[Lustre-devel] loadgen improvements

Yuriy Umanets yuriy.umanets at clusterstor.com
Wed Dec 9 05:28:40 PST 2009


On Tue, Dec 8, 2009 at 9:10 PM, Andreas Dilger <adilger at sun.com> wrote:

> Hello Yuriy,
>
>
> On 2009-12-05, at 06:21, Yuriy Umanets wrote:
>
>> ClusterStor would like to start doing real contributions to Lustre
>> stability and popularity. First off, we would like to improve loadgen
>> utility, written by Nathan Rutman. We think loadgen is a really good tool
>> for testing and what is not less important, it is implemented right way from
>> architecture point of view.
>>
>
> Great.  We look forward to working with you again.
>
> Thank you all guys.

>
>  However, these days it has number of issues:
>> 1. Wrong stack size for threads, that results in segfault (find the patch
>> in attachment);
>> 2. Little locking issues (push_kid() function);
>> 3. Absence of striping functionality, it only may create load on one
>> OST/ECHO server.
>>
>
> Can you please file a bug for this, and attach this patch and later ones
> there.  That will ensure that it follows the proper inspection and testing
> process.


Sure, will do.

>
>
>  We plan to add striping functionality to loadgen.
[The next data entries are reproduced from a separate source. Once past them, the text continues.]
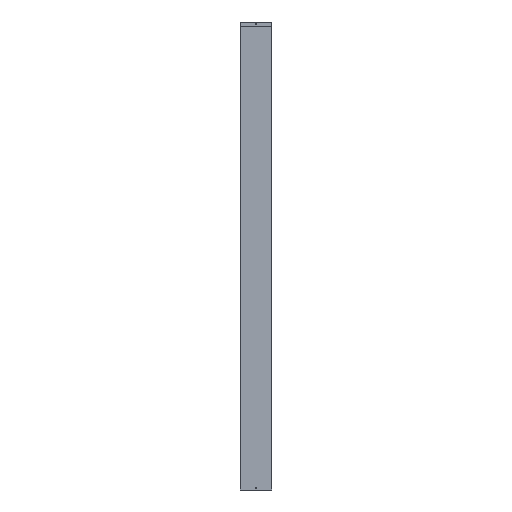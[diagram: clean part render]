
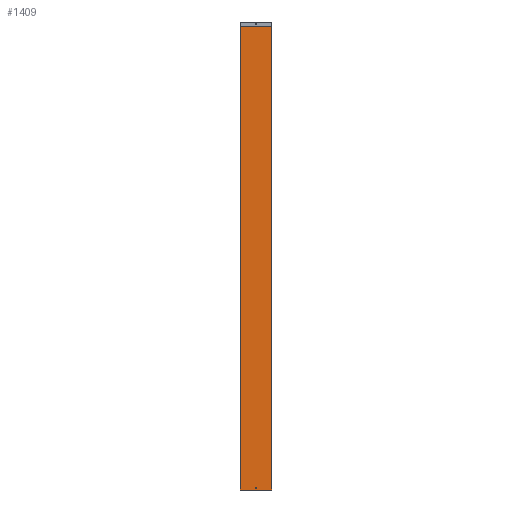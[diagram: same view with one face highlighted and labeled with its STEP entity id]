
A CAD part, front view. The second image highlights one B-rep face of the part: STEP entity #1409.
In plain terms, the highlighted planar face has unit normal (0, -1, 0).
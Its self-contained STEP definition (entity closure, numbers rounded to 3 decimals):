
#58 = AXIS2_PLACEMENT_3D ( 'NONE', #1723, #1729, #1730 ) ;
#93 = AXIS2_PLACEMENT_3D ( 'NONE', #564, #563, #1255 ) ;
#132 = EDGE_CURVE ( 'NONE', #229, #276, #1319, .T. ) ;
#133 = EDGE_CURVE ( 'NONE', #223, #266, #1315, .T. ) ;
#134 = EDGE_CURVE ( 'NONE', #1211, #1211, #1321, .T. ) ;
#139 = EDGE_CURVE ( 'NONE', #229, #223, #1329, .T. ) ;
#151 = EDGE_CURVE ( 'NONE', #276, #266, #1348, .T. ) ;
#223 = VERTEX_POINT ( 'NONE', #1616 ) ;
#229 = VERTEX_POINT ( 'NONE', #1621 ) ;
#266 = VERTEX_POINT ( 'NONE', #1658 ) ;
#276 = VERTEX_POINT ( 'NONE', #1668 ) ;
#549 = FACE_BOUND ( 'NONE', #965, .T. ) ;
#552 = FACE_OUTER_BOUND ( 'NONE', #966, .T. ) ;
#563 = DIRECTION ( 'NONE',  ( 0., -1., 0. ) ) ;
#564 = CARTESIAN_POINT ( 'NONE',  ( 0., 0., 15. ) ) ;
#572 = CARTESIAN_POINT ( 'NONE',  ( -100., 0., 0. ) ) ;
#573 = DIRECTION ( 'NONE',  ( 1., 0., 0. ) ) ;
#574 = DIRECTION ( 'NONE',  ( 1., 0., 0. ) ) ;
#576 = CARTESIAN_POINT ( 'NONE',  ( -100., 0., 2968. ) ) ;
#639 = CARTESIAN_POINT ( 'NONE',  ( 0., 0., 18.5 ) ) ;
#965 = EDGE_LOOP ( 'NONE', ( #1103 ) ) ;
#966 = EDGE_LOOP ( 'NONE', ( #1104, #1105, #1106, #1107 ) ) ;
#1103 = ORIENTED_EDGE ( 'NONE', *, *, #134, .F. ) ;
#1104 = ORIENTED_EDGE ( 'NONE', *, *, #151, .F. ) ;
#1105 = ORIENTED_EDGE ( 'NONE', *, *, #132, .F. ) ;
#1106 = ORIENTED_EDGE ( 'NONE', *, *, #139, .T. ) ;
#1107 = ORIENTED_EDGE ( 'NONE', *, *, #133, .T. ) ;
#1211 = VERTEX_POINT ( 'NONE', #639 ) ;
#1255 = DIRECTION ( 'NONE',  ( 0., 0., 1. ) ) ;
#1315 = LINE ( 'NONE', #572, #1324 ) ;
#1319 = LINE ( 'NONE', #576, #1322 ) ;
#1321 = CIRCLE ( 'NONE', #93, 3.5 ) ;
#1322 = VECTOR ( 'NONE', #574, 1000. ) ;
#1324 = VECTOR ( 'NONE', #573, 1000. ) ;
#1329 = LINE ( 'NONE', #1579, #1334 ) ;
#1334 = VECTOR ( 'NONE', #1585, 1000. ) ;
#1348 = LINE ( 'NONE', #1607, #1351 ) ;
#1351 = VECTOR ( 'NONE', #1608, 1000. ) ;
#1409 = ADVANCED_FACE ( 'NONE', ( #549, #552 ), #1722, .F. ) ;
#1579 = CARTESIAN_POINT ( 'NONE',  ( -100., 0., 2969. ) ) ;
#1585 = DIRECTION ( 'NONE',  ( 0., 0., -1. ) ) ;
#1607 = CARTESIAN_POINT ( 'NONE',  ( 100., 0., 2969. ) ) ;
#1608 = DIRECTION ( 'NONE',  ( 0., 0., -1. ) ) ;
#1616 = CARTESIAN_POINT ( 'NONE',  ( -100., 0., 0. ) ) ;
#1621 = CARTESIAN_POINT ( 'NONE',  ( -100., 0., 2968. ) ) ;
#1658 = CARTESIAN_POINT ( 'NONE',  ( 100., 0., 0. ) ) ;
#1668 = CARTESIAN_POINT ( 'NONE',  ( 100., 0., 2968. ) ) ;
#1722 = PLANE ( 'NONE',  #58 ) ;
#1723 = CARTESIAN_POINT ( 'NONE',  ( -100., 0., 2969. ) ) ;
#1729 = DIRECTION ( 'NONE',  ( 0., 1., 0. ) ) ;
#1730 = DIRECTION ( 'NONE',  ( 0., 0., 1. ) ) ;
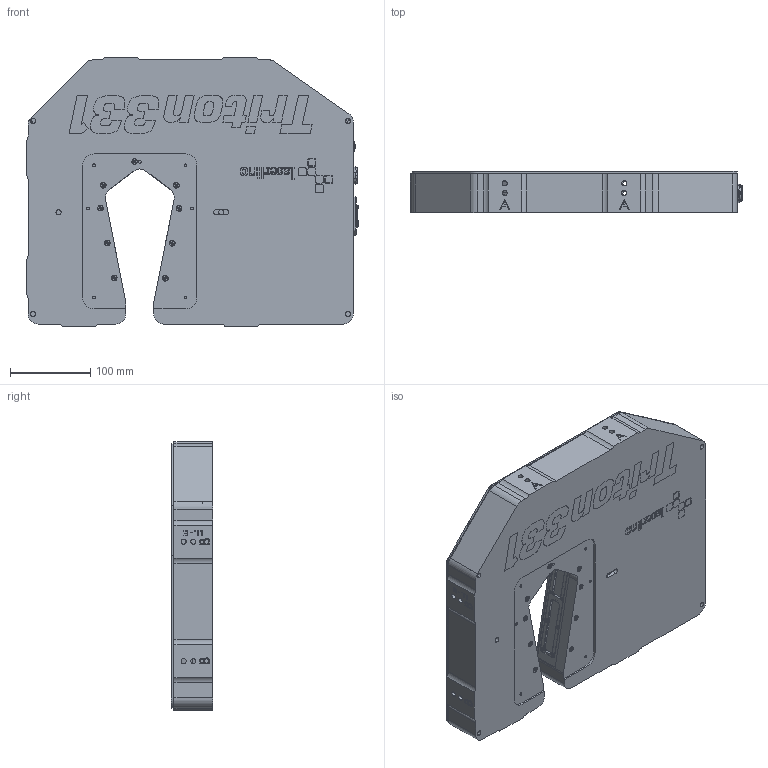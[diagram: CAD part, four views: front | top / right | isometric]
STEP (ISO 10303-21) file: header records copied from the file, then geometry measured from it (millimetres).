
FILE_DESCRIPTION (( 'STEP AP203' ), '1' );
FILE_NAME ('00331-01 Triton331, Triple Axis Micrometer.STEP', '2014-01-17T16:39:33', ( 'Mark' ), ( '' ), 'SwSTEP 2.0', 'SolidWorks 2014', '' );
FILE_SCHEMA (( 'CONFIG_CONTROL_DESIGN' ));
Length unit declared in the file: inch
Products named in the file (1): 00331-01 Triton331, Triple Axis Micrometer
Bounding box: 414.88 x 51.44 x 335.28 mm (x, y, z)
Surface area: 470886.9 mm2 (no closed solid volume)
Topology: 0 solids, 227 shells, 1612 faces, 8508 edges, 6798 vertices
Faces by surface type: plane 946, cone 394, cylinder 202, bspline 43, torus 19, sphere 8
Entity records: 92058 total; most frequent: CARTESIAN_POINT 29756, DIRECTION 11749, ORIENTED_EDGE 11093, EDGE_CURVE 8422, VERTEX_POINT 6798, LINE 4625, VECTOR 4625, AXIS2_PLACEMENT_3D 3562

General idea is to use
>> LOV module, which already has all the needed code. Loadgen itself and
>> echo_client also have related code, so it seems this functionality was
>> planned anyway, though it's not working currently. Currently an attempt to
>> attach to a LOV results in assertion failures.
>>
>
> Right - Eric and I worked on that some years ago, but it was never used
> fully.  Can you please ensure that you include a test in sanity.sh that
> exercises the functionality you are adding to loadgen, as with echo_client
> in test 180.  More complex load tests should go into their own script.
>
> Ok

>
>  Let's discuss these matters. The way we're going to implement this may be
>> roughly expressed as follows:
>>
>> 1. Attach to LOV device in loadgen, using "device" command. To do so we
>> need to construct new LOV instance, used by loadgen only, as we cannot use
>> LOV instance used by LLITE. This requires changes to handling function for
>> command "device". It should accept more than one OST target;
>>
>
> This sounds reasonable.  It might be useful to support the wildcard
> specification of OSTs like "lustre-OST00[0-30]" or "lustre-OST00[0,3,6,9].
>  Some of that functionality already exists in lustre/utils/nidlist.c.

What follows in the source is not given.